Fuente:Bob Adelman:Raymond Carver in 1984.The New Yorker |
Cuando un escritor comienza un texto ha de hacer numerosas elecciones. Dos de las más significativas son el tema y la forma de narrar. Es decir, qué cuenta y cómo desarrolla su relato.
Igual que el director de cine opta por situar la cámara fija o en movimiento, entre muchos ejemplos posibles, el escritor, igualmente entre innumerables opciones elige dónde sitúa su atención, qué ilumina y qué oculta (o simplemente silencia) al lector sobre la historia que le cuenta.
También decide si realiza un relato exhaustivo que enumere hasta los más mínimos detalles de la misma o, en el otro extremo, sintetiza el relato dejando en él solo lo estrictamente relevante: busca la complicidad del lector dejando que sea él quien recree tales detalles: naturalmente, si al lector le viene en gana y, como es obvio, a su forma y conveniencia, según su experiencia, sus valores y prejuicios y su cosmovisión.
El norteamericano Raymond Carver (1939-1988) da una lección magistral de síntesis narrativa en Mecánica popular, y en muy pocas líneas esboza una situación cotidiana, la convierte en dramática mediante un ágil diálogo y la resuelve con cinco palabras, en este caso con un sarcasmo inapelable.
Ni una línea de más, ni una de menos.
Mecánica popular, de Raymond Carver
Aquel día, temprano, el tiempo cambió y la nieve se deshizo y se volvió agua sucia.
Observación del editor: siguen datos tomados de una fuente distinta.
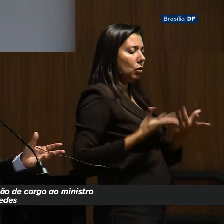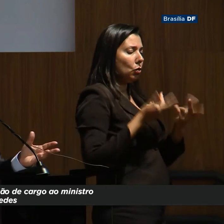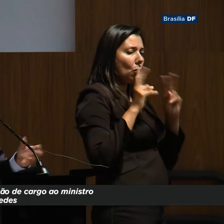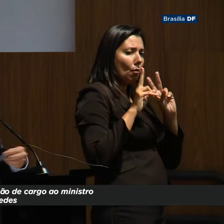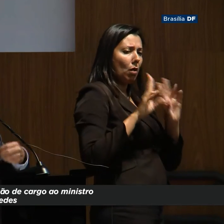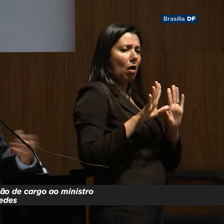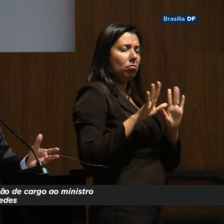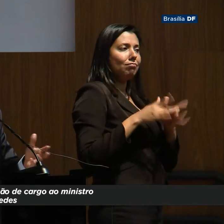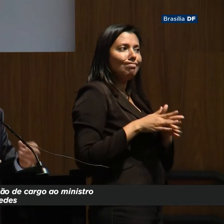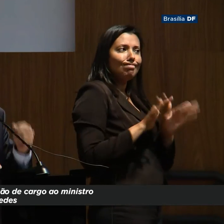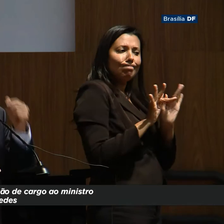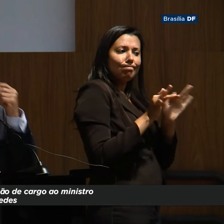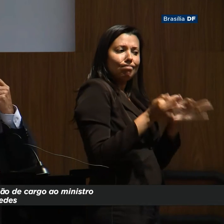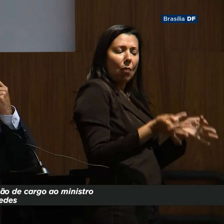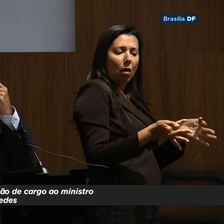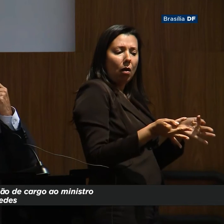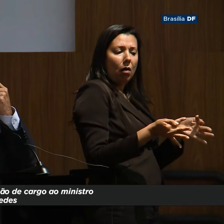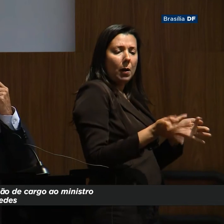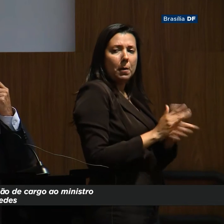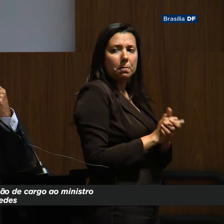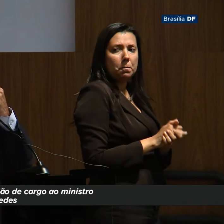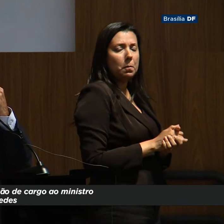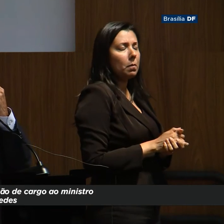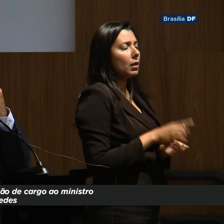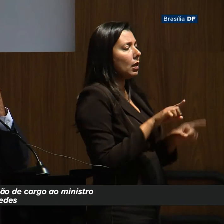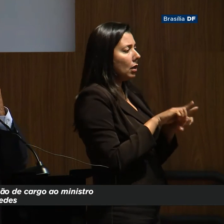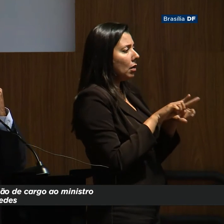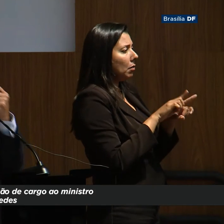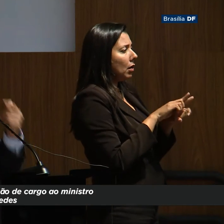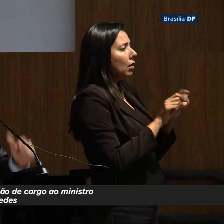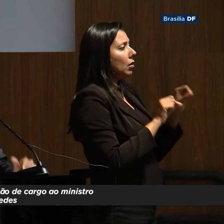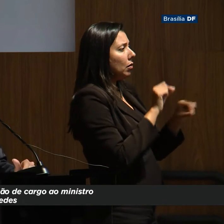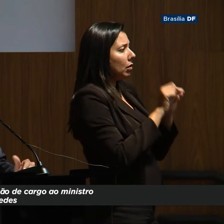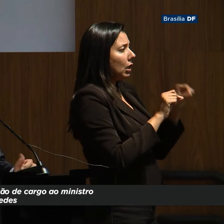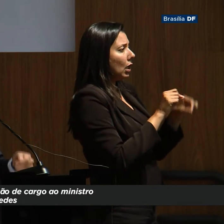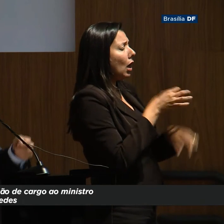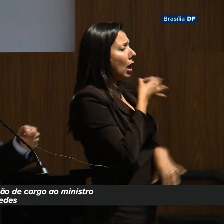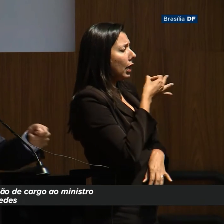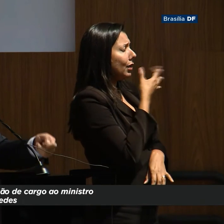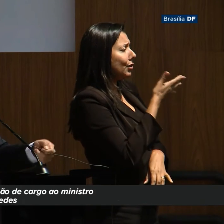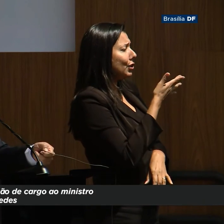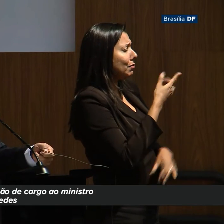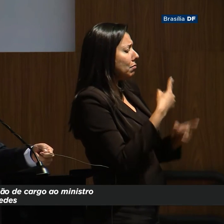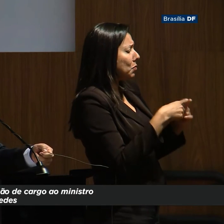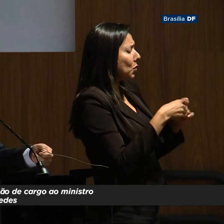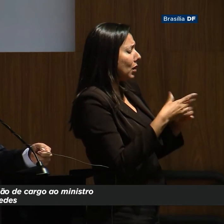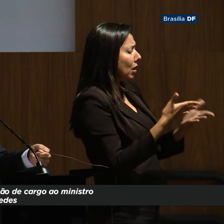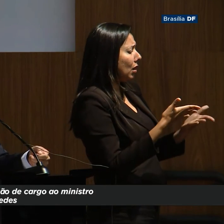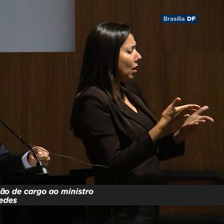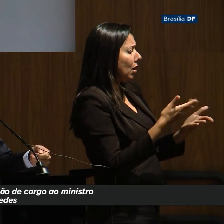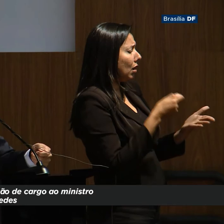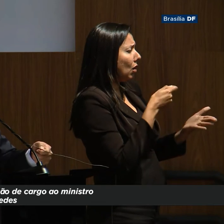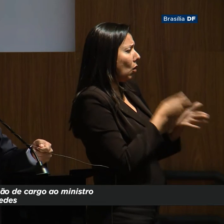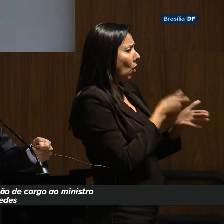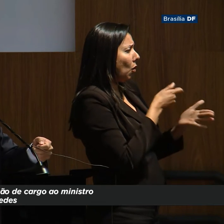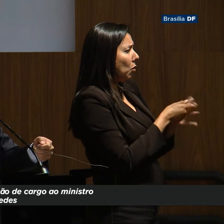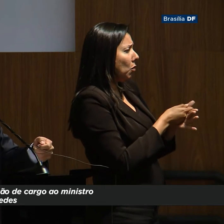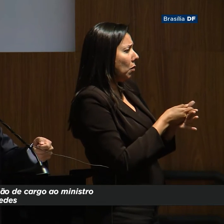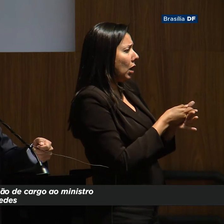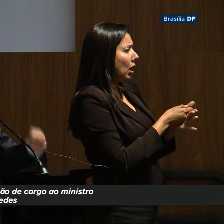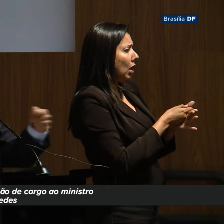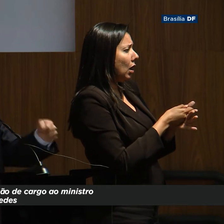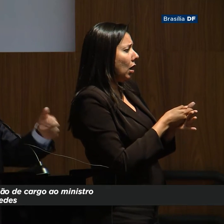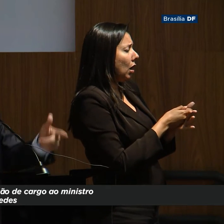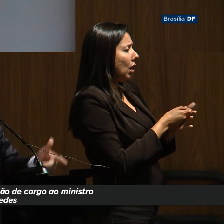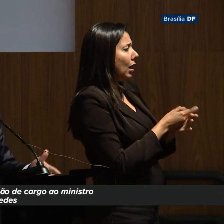com a simplicidade e a intuição extraordinária política dele. Ele falou, vem cá, por que comprou uma carteira de motorista e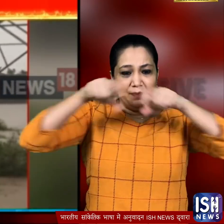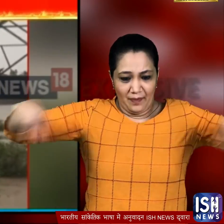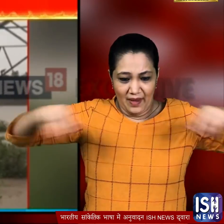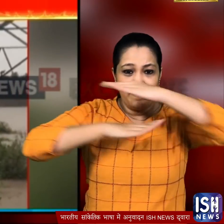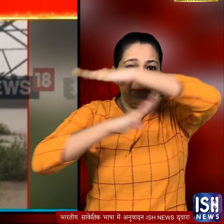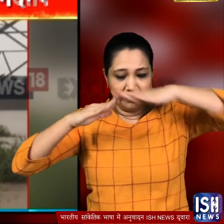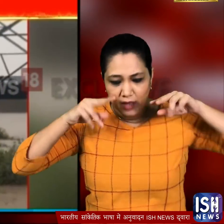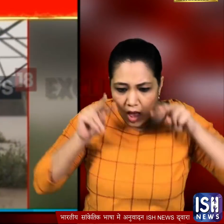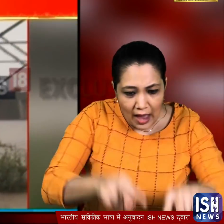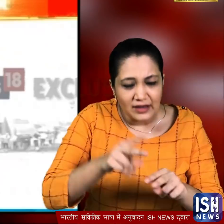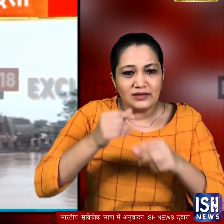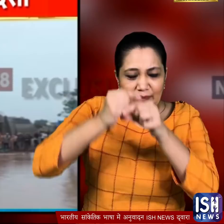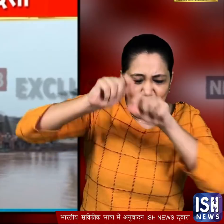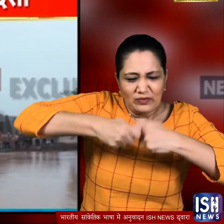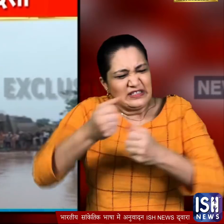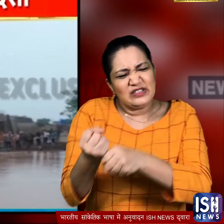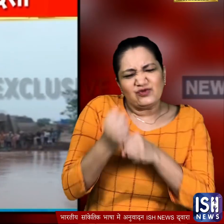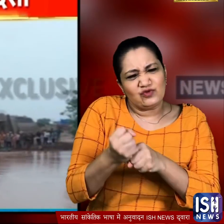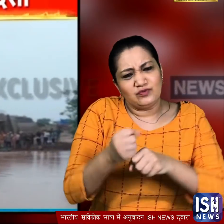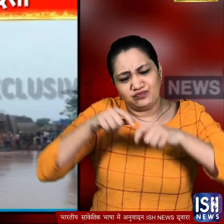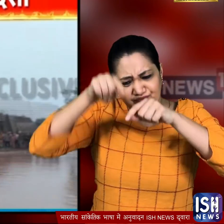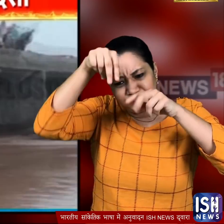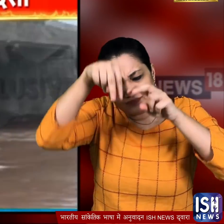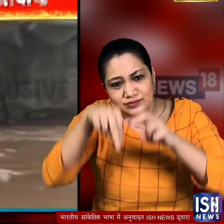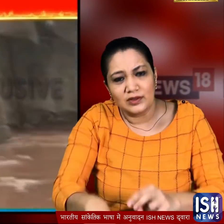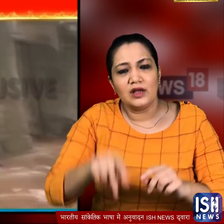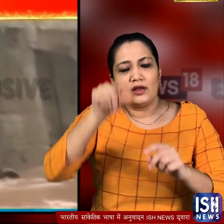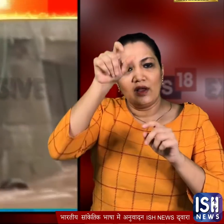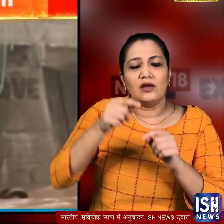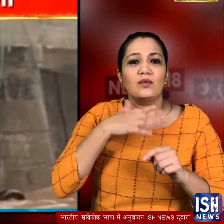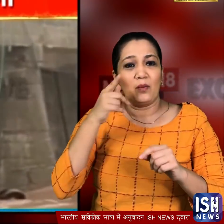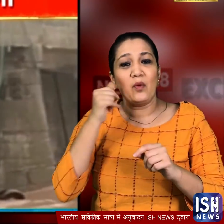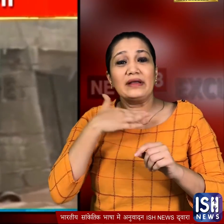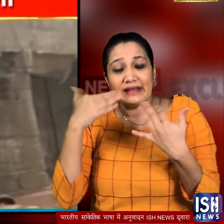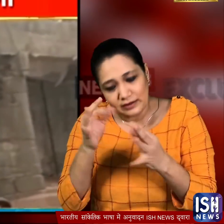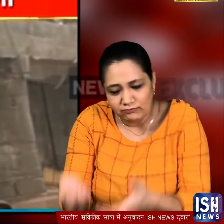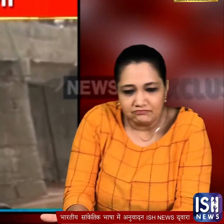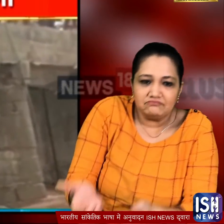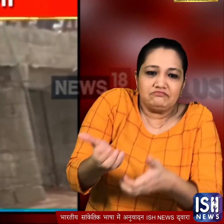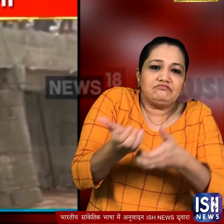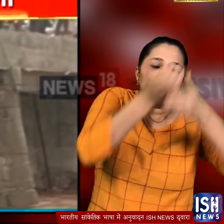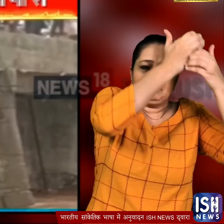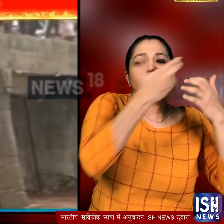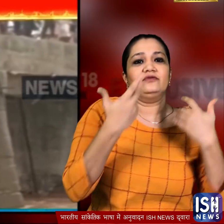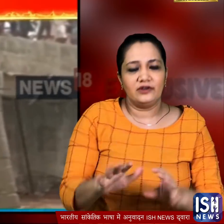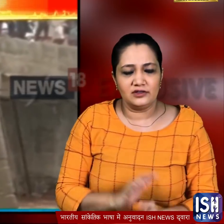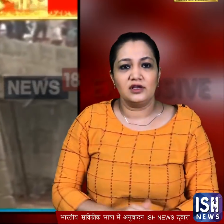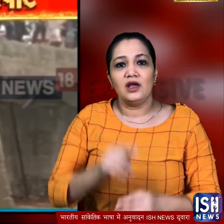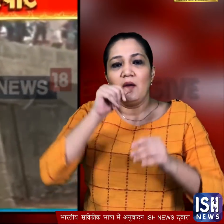दिखाए दिये उन्होंने उस रसी को कसकर पकड़ रखा था इसके बाद उस आदमी के शब को भी उसी रसी के सहारे ऊपर खींचा गया जिसकी मौत पानी में

Delgados regueros de nieve derretida caían de la pequeña ventana —una ventana abierta a la altura del hombro— que daba al traspatio. Por la calle pasaban coches salpicando. Estaba oscureciendo. Pero también oscurecía dentro de la casa.
Él estaba en el dormitorio metiendo ropas en una maleta cuando ella apareció en la puerta.
—¡Estoy contenta de que te vayas! ¡Estoy contenta de que te vayas! —gritó—. ¿Me oyes?
Él siguió metiendo sus cosas en la maleta.
—¡Hijo de perra! ¡Estoy contentísima de que te vayas! —Empezó a llorar—. Ni siquiera te atreves a mirarme a la cara, ¿no es cierto?
Entonces ella vio la fotografía del niño encima de la cama, y la cogió.
Él la miró; ella se secó los ojos y se quedó mirándole fijamente, y después dio la vuelta y volvió a la sala.
—Trae eso aquí —le ordenó él.
—Coge tus cosas y lárgate —contestó ella.
Él no respondió. Cerró la maleta, se puso el abrigo, miró a su alrededor antes de apagar la luz. Luego pasó a la sala.
Ella estaba en el umbral de la cocina con el niño en los brazos.
—Quiero al niño —dijo él.
—¿Estás loco?
—No, pero quiero al niño. Mandaré a alguien a recoger sus cosas.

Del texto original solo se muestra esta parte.